▶ _WHAT YOU SHOULD DO_: The answer must be every entry below, word for word, with the pictures left out.

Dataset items
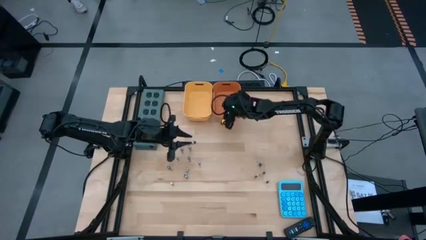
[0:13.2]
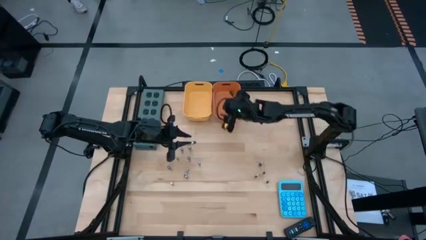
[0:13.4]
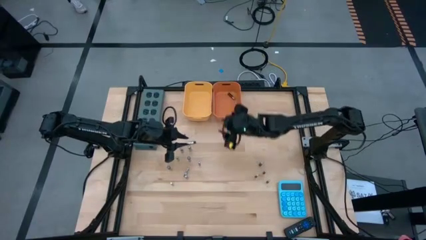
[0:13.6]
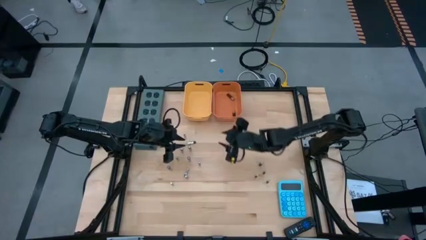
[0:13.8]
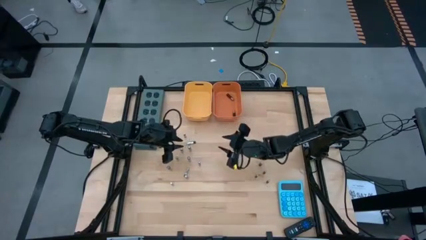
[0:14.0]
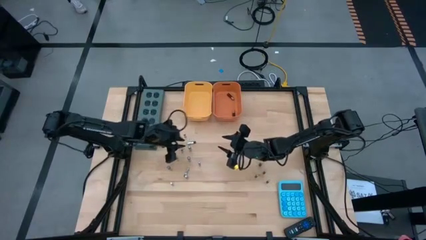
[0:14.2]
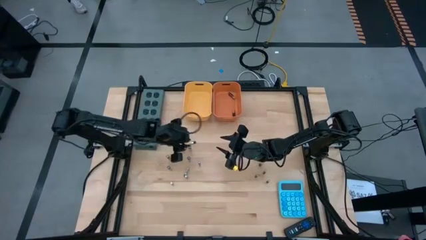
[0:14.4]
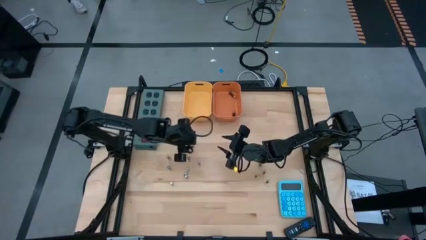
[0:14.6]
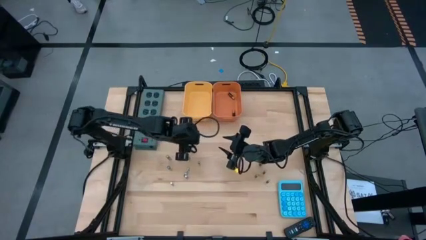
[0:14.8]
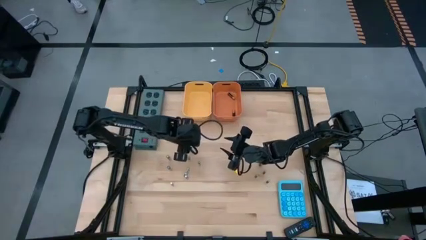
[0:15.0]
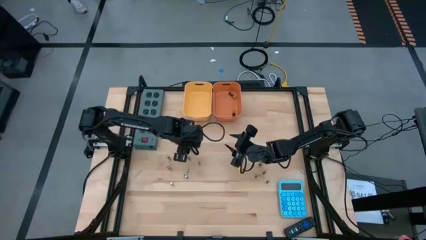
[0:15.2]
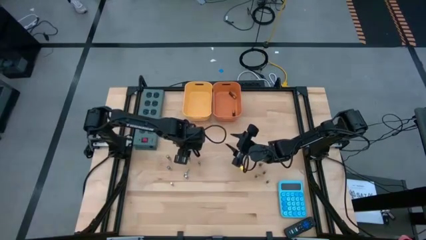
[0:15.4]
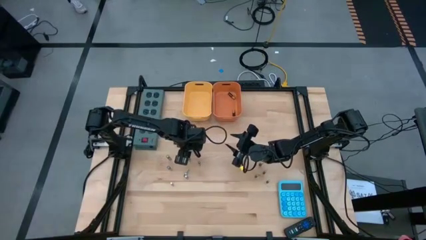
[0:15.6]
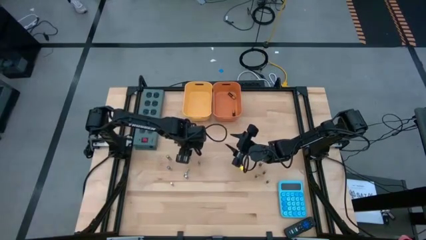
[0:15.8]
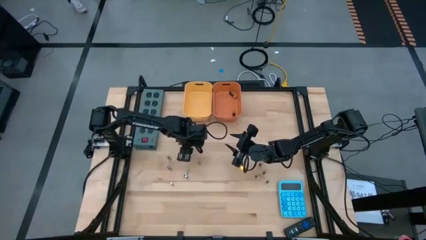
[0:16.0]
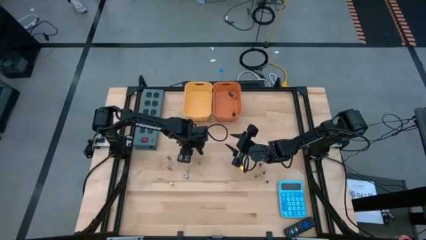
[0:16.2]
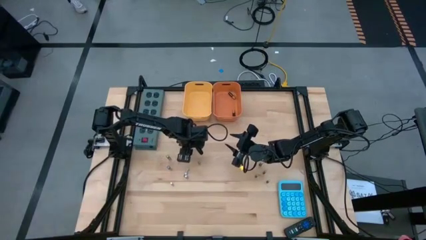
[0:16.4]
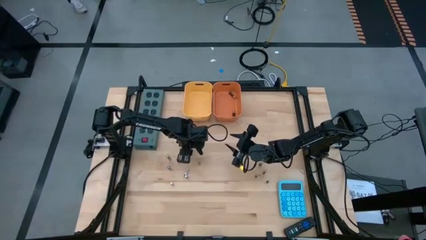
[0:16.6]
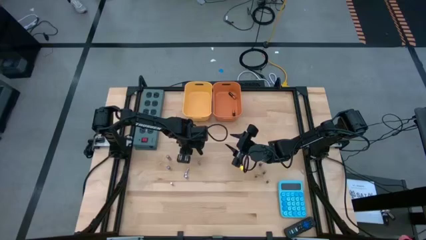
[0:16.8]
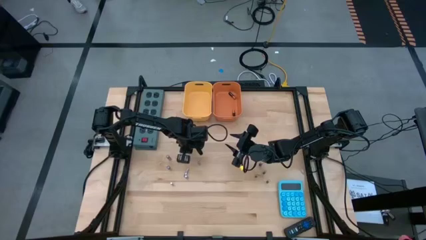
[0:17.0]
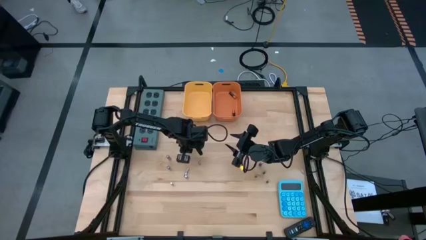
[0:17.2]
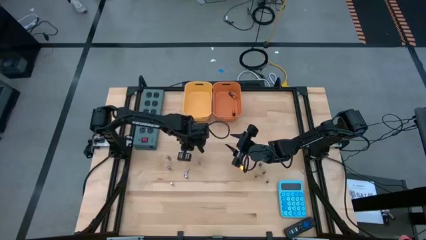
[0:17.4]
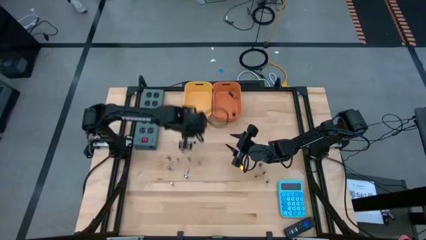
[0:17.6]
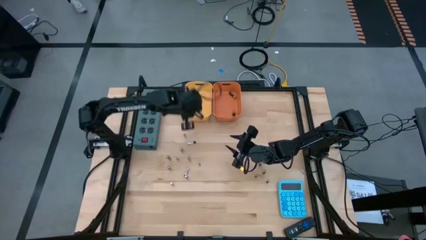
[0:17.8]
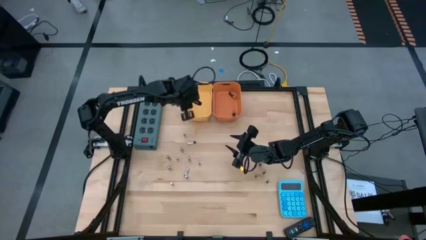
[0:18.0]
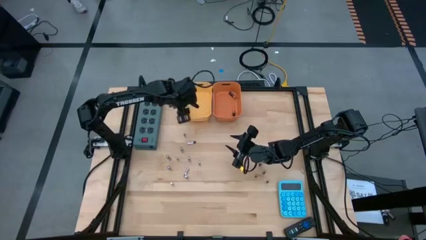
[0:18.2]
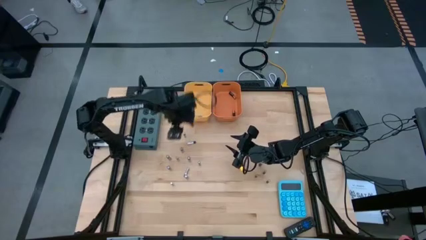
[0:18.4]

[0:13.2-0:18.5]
Task: Sort batteries
Put the silver battery into the yellow bin

▶ _SOLUTION TO THIS TASK_:
[0:13.2]
[0:13.4]
[0:13.6]
[0:13.8]
[0:14.0]
[0:14.2]
[0:14.4]
[0:14.6]
[0:14.8]
[0:15.0]
[0:15.2]
[0:15.4]
[0:15.6]
[0:15.8]
[0:16.0]
[0:16.2]
[0:16.4]
[0:16.6]
[0:16.8]
[0:17.0]
[0:17.2]
[0:17.4]
[0:17.6]
[0:17.8]
[0:18.0]
[0:18.2]
[0:18.4]

[0:13.2-0:18.5]
Task: Sort batteries
Put the silver battery into the yellow bin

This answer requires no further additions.